§ Task goal: Repeat exactly every line that comes at or after the line containing "0.001H49.135L50.919 0.477L52.54 1.27L54.161", through the end of the entries below.

BEGIN Listed entries

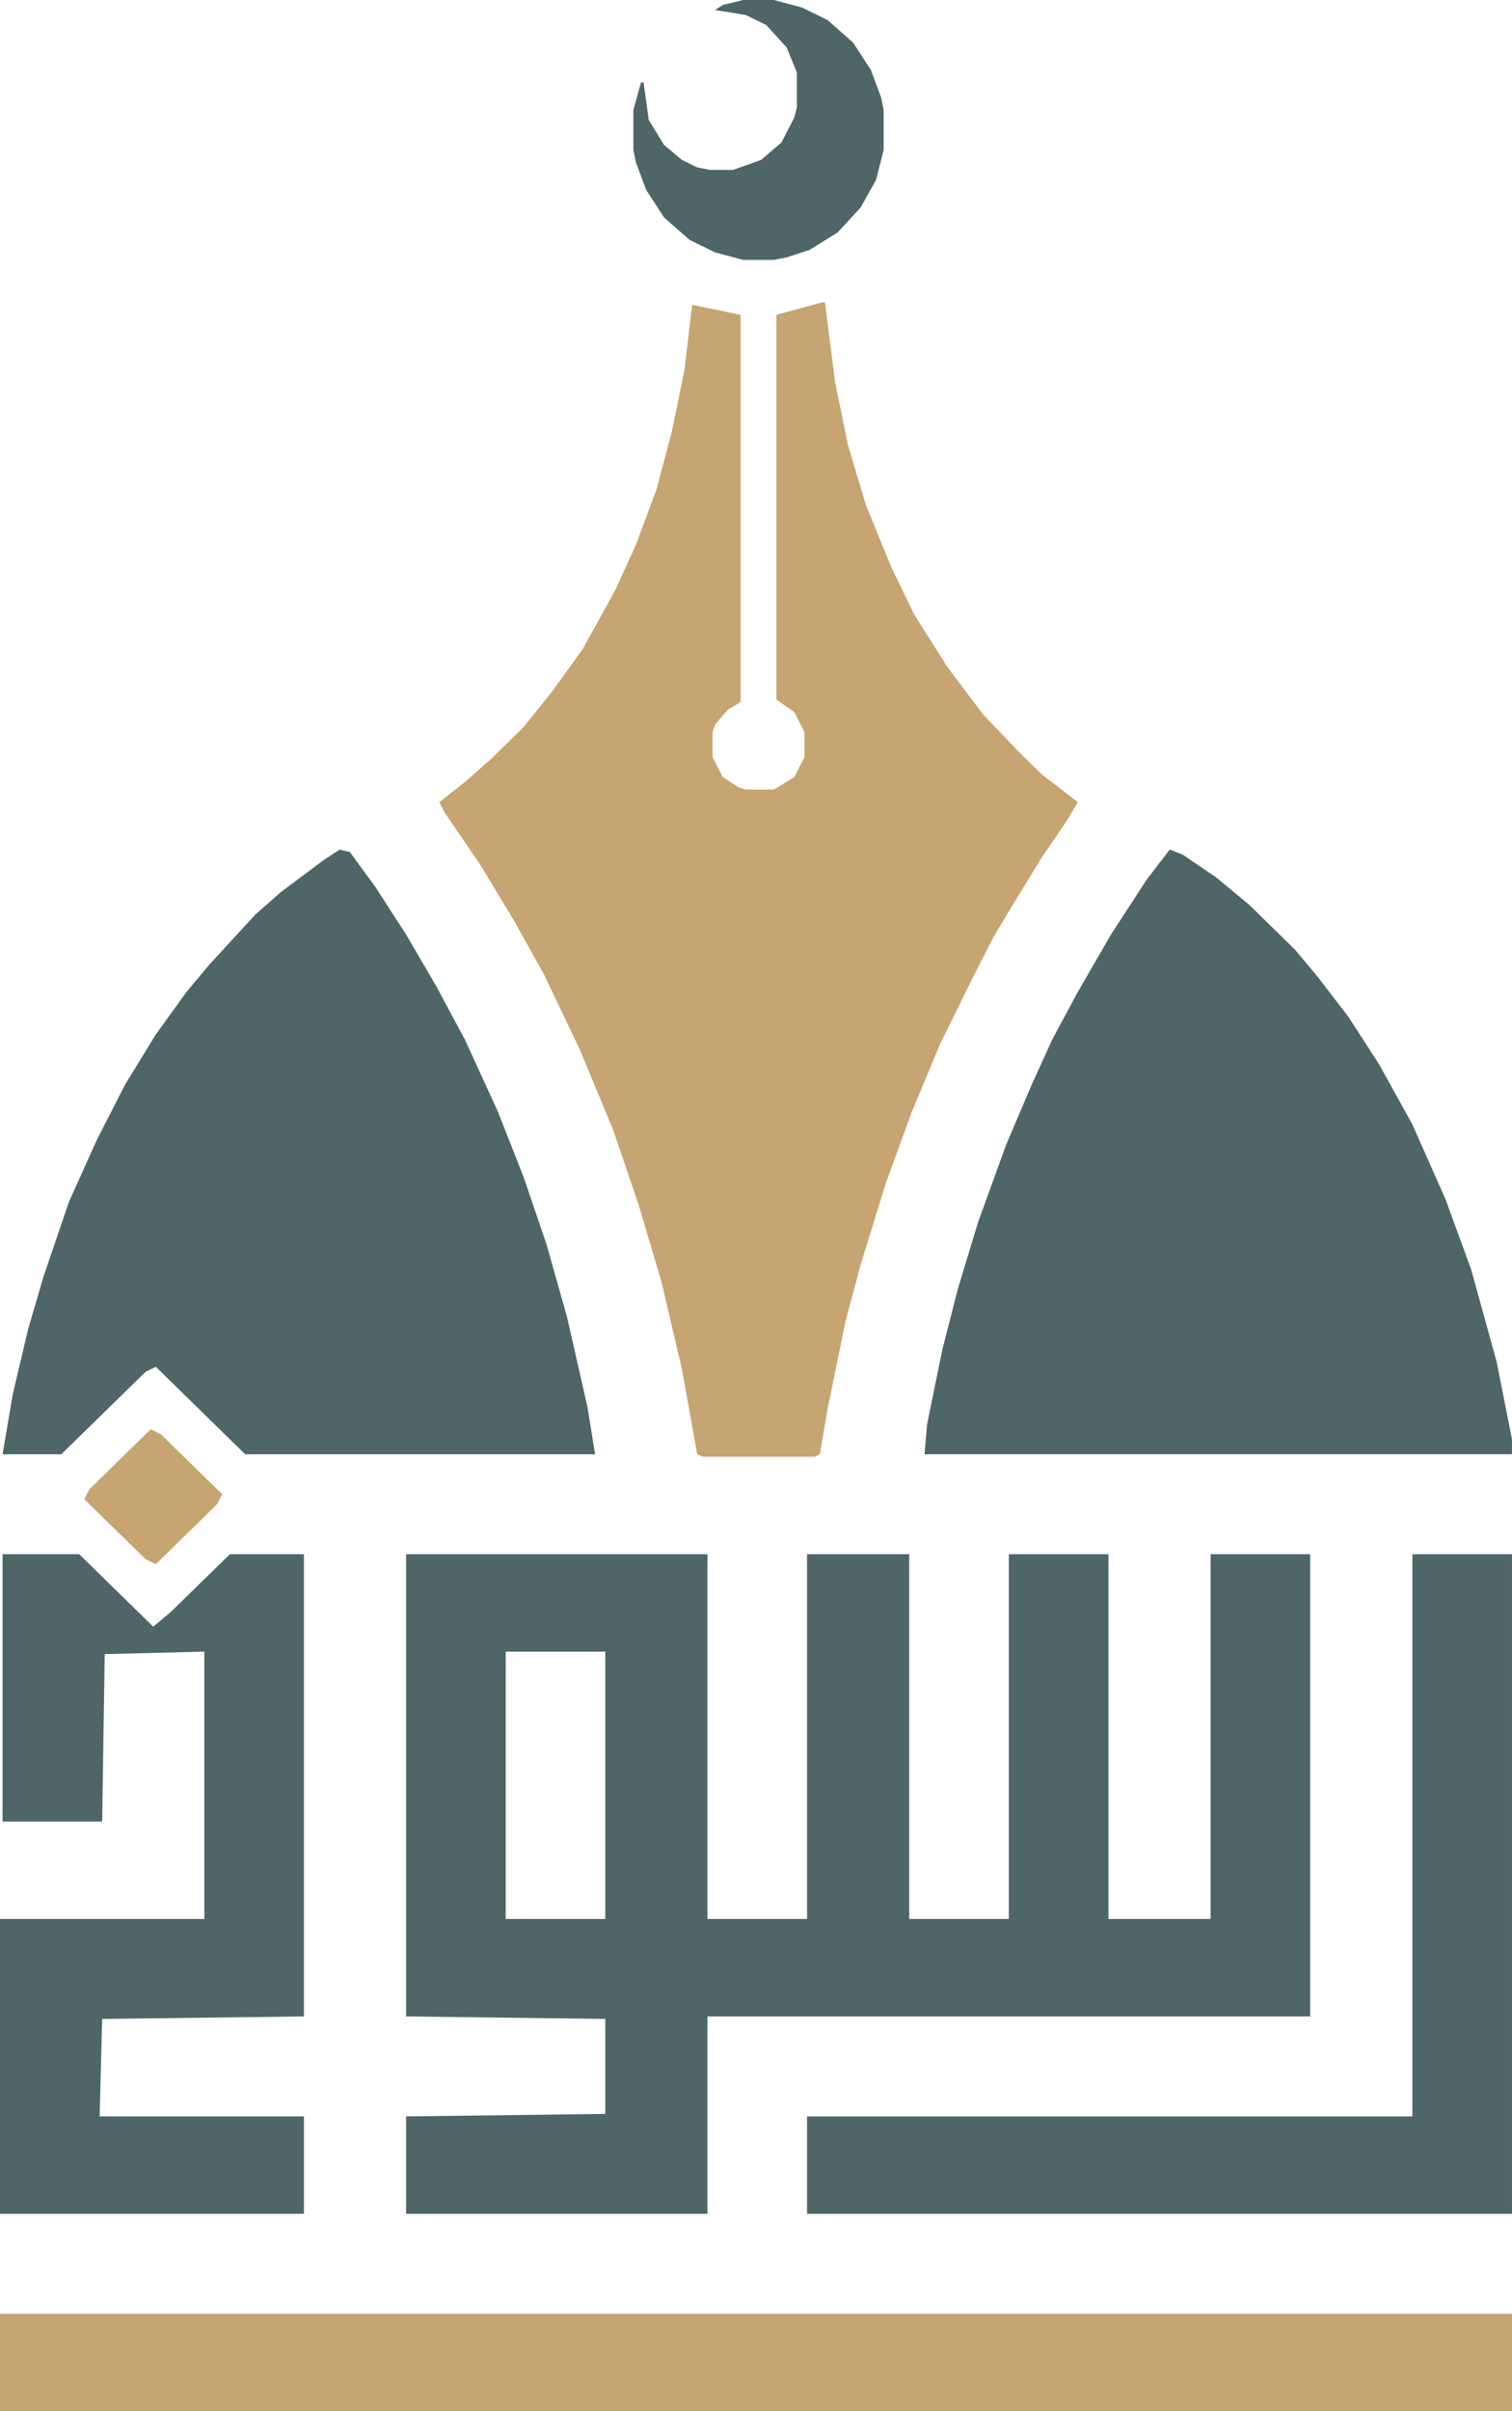  <svg  className="hidden md:block" width="96" height="153" viewBox="0 0 96 153" fill="none" xmlns="http://www.w3.org/2000/svg">
            <path d="M52.215 19.186H52.377L53.025 24.26L53.836 28.223L54.971 32.028L56.592 35.991L58.051 39.003L60.159 42.333L62.43 45.345L64.701 47.723L66.16 49.15L68.431 50.895L67.783 52.004L66.162 54.382L64.216 57.554L63.081 59.456L61.783 61.993L59.675 66.274L57.891 70.554L56.27 74.993L54.649 80.225L53.676 83.873L52.541 89.422L52.055 92.276L51.73 92.434H44.594L44.27 92.276L43.297 86.886L41.999 81.336L40.539 76.422L38.918 71.665L36.81 66.591L34.54 61.835L32.594 58.347L30.486 54.859L28.215 51.53L27.891 50.896L29.512 49.627L31.133 48.2L33.241 46.139L35.025 43.919L36.971 41.224L39.078 37.418L40.376 34.564L41.674 31.077L42.647 27.43L43.458 23.466L43.945 19.344L47.025 19.977V44.552L46.214 45.027L45.403 45.979L45.241 46.454V48.039L45.889 49.308L46.862 49.942L47.349 50.1H49.133L50.431 49.307L51.079 48.038V46.453L50.431 45.184L49.296 44.391V19.975L52.215 19.181V19.186Z" fill="#C6A572"></path>
            <path d="M25.783 98.619H44.918V121.767H51.242V98.619H57.728V121.767H64.053V98.619H70.377V121.767H76.863V98.619H83.188V127.95H44.918V140.475H25.783V134.292L38.432 134.133V128.108L25.783 127.95V98.619ZM32.108 104.801V121.767H38.432V104.801H32.108Z" fill="#4E6668"></path>
            <path d="M74.27 53.908L75.082 54.225L77.189 55.653L79.297 57.397L82.216 60.251L83.675 61.995L85.621 64.532L87.567 67.544L89.675 71.349L91.782 76.105L93.404 80.544L95.025 86.41L95.998 91.325V92.276H58.701L58.863 90.374L59.836 85.617L60.809 81.812L62.107 77.531L63.891 72.616L65.512 68.811L66.81 65.957L68.431 62.945L70.539 59.298L72.809 55.811L74.269 53.908H74.27Z" fill="#4E6668"></path>
            <path d="M21.568 53.908L22.216 54.066L23.837 56.286L25.783 59.298L27.729 62.628L29.513 65.957L31.621 70.556L33.242 74.678L34.701 78.959L35.999 83.558L37.297 89.266L37.783 92.278H15.568L9.892 86.728L9.244 87.045L3.892 92.278H0.162L0.81 88.472L1.783 84.35L2.756 81.02L4.377 76.263L6.162 72.3L7.946 68.813L9.892 65.641L11.838 62.945L13.297 61.201L16.216 58.029L17.837 56.602L20.595 54.542L21.568 53.908Z" fill="#4E6668"></path>
            <path d="M0 146.817H96V153H0V146.817Z" fill="#C6A572"></path>
            <path d="M0.162 98.619H5.027L9.73 103.218L10.864 102.266L14.595 98.619H19.298V127.95L6.487 128.108L6.326 134.292H19.299V140.475H0V121.767H12.973V104.801L6.649 104.959L6.487 115.582H0.162V98.617V98.619Z" fill="#4E6668"></path>
            <path d="M89.675 98.619H95.999V140.476H51.242V134.293H89.675V98.619Z" fill="#4E6668"></path>
            <path d="M47.189 0.001H49.135L50.919 0.477L52.54 1.27L54.161 2.697L55.296 4.442L55.944 6.186L56.106 6.979V9.516L55.619 11.418L54.646 13.163L53.187 14.748L51.403 15.857L49.943 16.333L49.132 16.491H47.186L45.402 16.015L43.781 15.222L42.159 13.795L41.025 12.051L40.377 10.306L40.215 9.513V6.977L40.701 5.232H40.863L41.188 7.61L42.161 9.195L43.295 10.147L44.269 10.622L45.08 10.78H46.539L48.324 10.147L49.621 9.037L50.432 7.452L50.594 6.819V4.598L49.946 3.013L48.648 1.586L47.35 0.953L45.404 0.635L45.891 0.318L47.189 0V0.001Z" fill="#4E6668"></path>
            <path d="M9.568 90.691L10.216 91.009L14.108 94.814L13.784 95.448L9.892 99.253L9.243 98.935L5.352 95.13L5.676 94.496L9.568 90.691Z" fill="#C6A572"></path>
        </svg>

END Listed entries

§ Output for this exercise:
            <path d="M47.189 0.001H49.135L50.919 0.477L52.54 1.27L54.161 2.697L55.296 4.442L55.944 6.186L56.106 6.979V9.516L55.619 11.418L54.646 13.163L53.187 14.748L51.403 15.857L49.943 16.333L49.132 16.491H47.186L45.402 16.015L43.781 15.222L42.159 13.795L41.025 12.051L40.377 10.306L40.215 9.513V6.977L40.701 5.232H40.863L41.188 7.61L42.161 9.195L43.295 10.147L44.269 10.622L45.08 10.78H46.539L48.324 10.147L49.621 9.037L50.432 7.452L50.594 6.819V4.598L49.946 3.013L48.648 1.586L47.35 0.953L45.404 0.635L45.891 0.318L47.189 0V0.001Z" fill="#4E6668"></path>
            <path d="M9.568 90.691L10.216 91.009L14.108 94.814L13.784 95.448L9.892 99.253L9.243 98.935L5.352 95.13L5.676 94.496L9.568 90.691Z" fill="#C6A572"></path>
        </svg>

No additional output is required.